- **Data supplied**
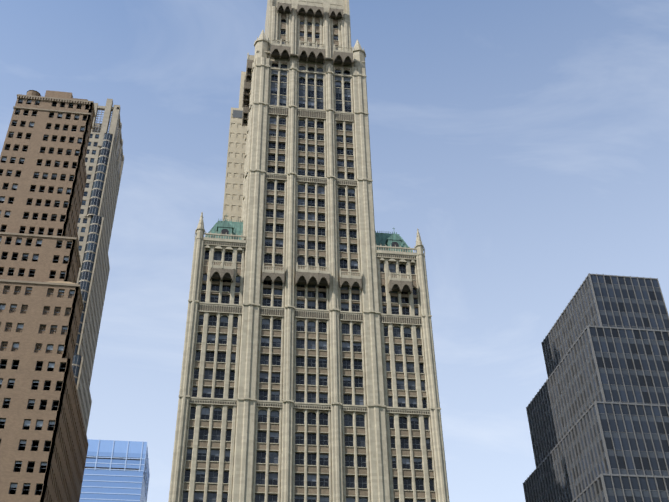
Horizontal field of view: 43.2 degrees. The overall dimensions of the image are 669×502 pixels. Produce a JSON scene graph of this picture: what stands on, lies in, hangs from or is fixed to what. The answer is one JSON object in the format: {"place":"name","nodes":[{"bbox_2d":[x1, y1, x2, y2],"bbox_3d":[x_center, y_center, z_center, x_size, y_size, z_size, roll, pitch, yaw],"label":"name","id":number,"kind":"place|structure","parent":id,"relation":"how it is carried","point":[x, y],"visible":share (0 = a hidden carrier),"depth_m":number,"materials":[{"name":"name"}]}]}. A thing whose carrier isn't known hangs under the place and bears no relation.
{"place":"outdoors","nodes":[
{"label":"outdoors","id":0,"kind":"place"},
{"bbox_2d":[0,0,668,501],"label":"sky","id":1,"kind":"structure","parent":0,"point":[525,143],"materials":[{"name":"blue"}]},
{"label":"paving","id":2,"kind":"structure","parent":0,"visible":0},
{"bbox_2d":[0,90,94,501],"bbox_3d":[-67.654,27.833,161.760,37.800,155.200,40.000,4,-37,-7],"label":"skyscraper","id":3,"kind":"structure","parent":2,"relation":"on","point":[44,444],"depth_m":157.75,"materials":[{"name":"brown brick"}]},
{"bbox_2d":[72,98,123,433],"bbox_3d":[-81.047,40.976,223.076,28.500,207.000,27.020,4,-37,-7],"label":"skyscraper","id":4,"kind":"structure","parent":2,"relation":"on","point":[104,160],"depth_m":249.32,"materials":[{"name":"grey concrete"}]},
{"bbox_2d":[79,439,149,501],"bbox_3d":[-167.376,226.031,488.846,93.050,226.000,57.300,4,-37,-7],"label":"glass building","id":5,"kind":"structure","parent":2,"relation":"on","point":[116,471],"depth_m":525.41,"materials":[{"name":"blue glass"}]},
{"bbox_2d":[168,0,449,501],"bbox_3d":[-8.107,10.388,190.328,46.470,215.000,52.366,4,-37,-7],"label":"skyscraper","id":6,"kind":"structure","parent":2,"relation":"on","point":[308,372],"depth_m":159.29,"materials":[{"name":"beige stone"}]},
{"bbox_2d":[222,71,246,221],"bbox_3d":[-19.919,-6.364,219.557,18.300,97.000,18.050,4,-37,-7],"label":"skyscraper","id":7,"kind":"structure","parent":6,"relation":"attached to","point":[232,205],"depth_m":219.12,"materials":[{"name":"beige stone"}]},
{"bbox_2d":[523,273,668,501],"bbox_3d":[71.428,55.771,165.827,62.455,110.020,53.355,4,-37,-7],"label":"office building","id":8,"kind":"structure","parent":2,"relation":"on","point":[597,408],"depth_m":170.57,"materials":[{"name":"glass"}]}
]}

- **Task item**
If a record holds a picture, leave the picture out and copy the rest exactly.

- **Response below**
Horizontal field of view: 43.2 degrees. The overall dimensions of the image are 669×502 pixels. Produce a JSON scene graph of this picture: what stands on, lies in, hangs from or is fixed to what. The answer is one JSON object in the format: {"place":"name","nodes":[{"bbox_2d":[x1, y1, x2, y2],"bbox_3d":[x_center, y_center, z_center, x_size, y_size, z_size, roll, pitch, yaw],"label":"name","id":number,"kind":"place|structure","parent":id,"relation":"how it is carried","point":[x, y],"visible":share (0 = a hidden carrier),"depth_m":number,"materials":[{"name":"name"}]}]}. A thing whose carrier isn't known hangs under the place and bears no relation.
{"place":"outdoors","nodes":[
{"label":"outdoors","id":0,"kind":"place"},
{"bbox_2d":[0,0,668,501],"label":"sky","id":1,"kind":"structure","parent":0,"point":[525,143],"materials":[{"name":"blue"}]},
{"label":"paving","id":2,"kind":"structure","parent":0,"visible":0},
{"bbox_2d":[0,90,94,501],"bbox_3d":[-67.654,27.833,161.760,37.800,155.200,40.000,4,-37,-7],"label":"skyscraper","id":3,"kind":"structure","parent":2,"relation":"on","point":[44,444],"depth_m":157.75,"materials":[{"name":"brown brick"}]},
{"bbox_2d":[72,98,123,433],"bbox_3d":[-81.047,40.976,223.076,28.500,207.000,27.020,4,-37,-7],"label":"skyscraper","id":4,"kind":"structure","parent":2,"relation":"on","point":[104,160],"depth_m":249.32,"materials":[{"name":"grey concrete"}]},
{"bbox_2d":[79,439,149,501],"bbox_3d":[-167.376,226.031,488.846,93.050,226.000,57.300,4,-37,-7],"label":"glass building","id":5,"kind":"structure","parent":2,"relation":"on","point":[116,471],"depth_m":525.41,"materials":[{"name":"blue glass"}]},
{"bbox_2d":[168,0,449,501],"bbox_3d":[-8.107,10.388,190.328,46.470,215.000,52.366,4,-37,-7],"label":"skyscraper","id":6,"kind":"structure","parent":2,"relation":"on","point":[308,372],"depth_m":159.29,"materials":[{"name":"beige stone"}]},
{"bbox_2d":[222,71,246,221],"bbox_3d":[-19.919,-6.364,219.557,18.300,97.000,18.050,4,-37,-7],"label":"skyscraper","id":7,"kind":"structure","parent":6,"relation":"attached to","point":[232,205],"depth_m":219.12,"materials":[{"name":"beige stone"}]},
{"bbox_2d":[523,273,668,501],"bbox_3d":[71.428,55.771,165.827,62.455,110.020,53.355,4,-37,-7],"label":"office building","id":8,"kind":"structure","parent":2,"relation":"on","point":[597,408],"depth_m":170.57,"materials":[{"name":"glass"}]}
]}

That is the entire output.